_Collection entries:_
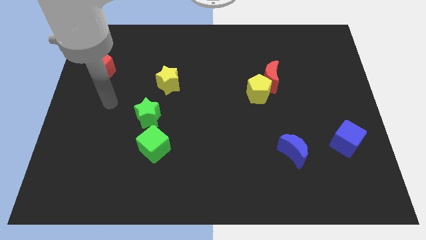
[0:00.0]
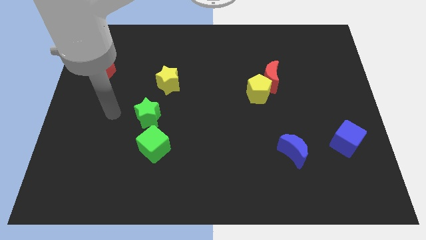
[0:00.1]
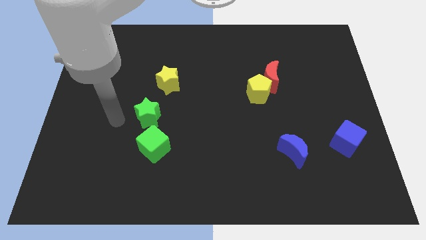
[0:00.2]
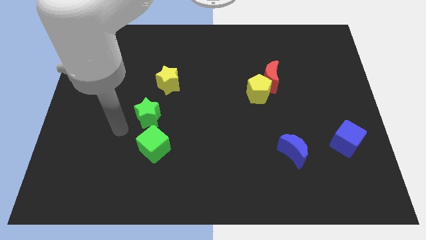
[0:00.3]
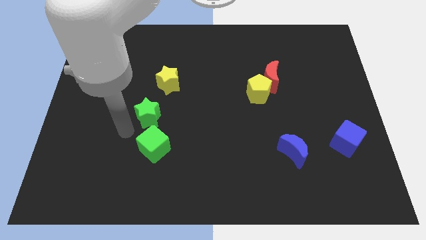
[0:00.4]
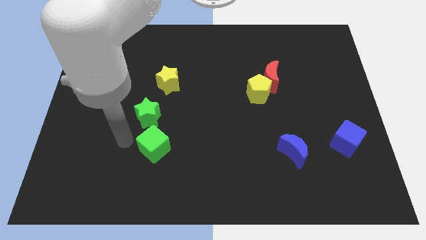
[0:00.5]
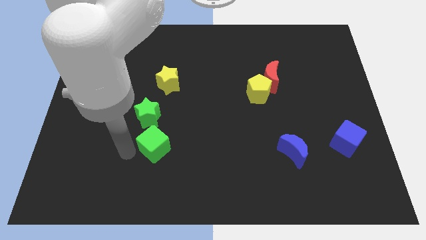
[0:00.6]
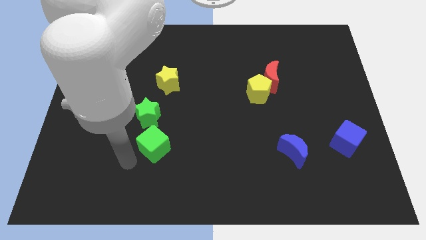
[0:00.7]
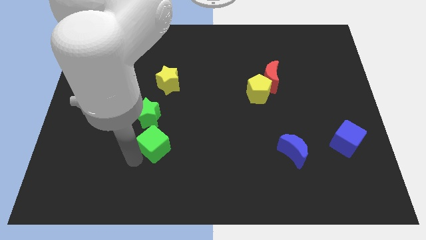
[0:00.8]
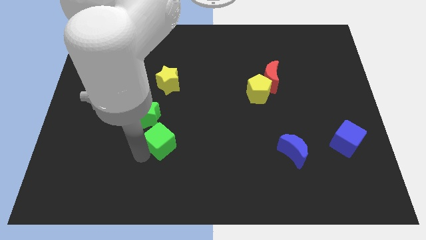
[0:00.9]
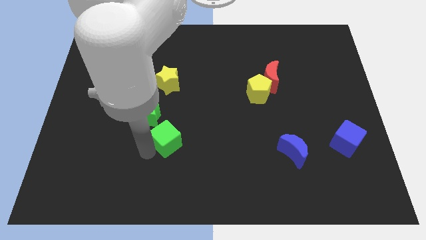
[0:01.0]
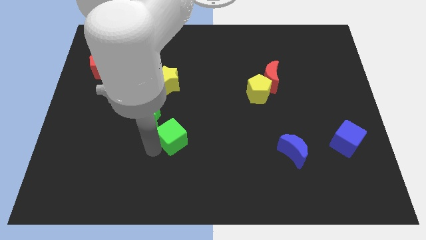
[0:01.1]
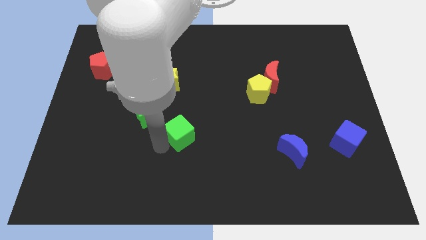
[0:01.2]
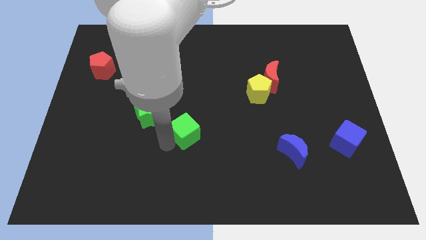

_The task:_
When you copy the entries above, reproduce each line exactly and leave out any pictures.

_Expected answer:_
[0:00.0]
[0:00.1]
[0:00.2]
[0:00.3]
[0:00.4]
[0:00.5]
[0:00.6]
[0:00.7]
[0:00.8]
[0:00.9]
[0:01.0]
[0:01.1]
[0:01.2]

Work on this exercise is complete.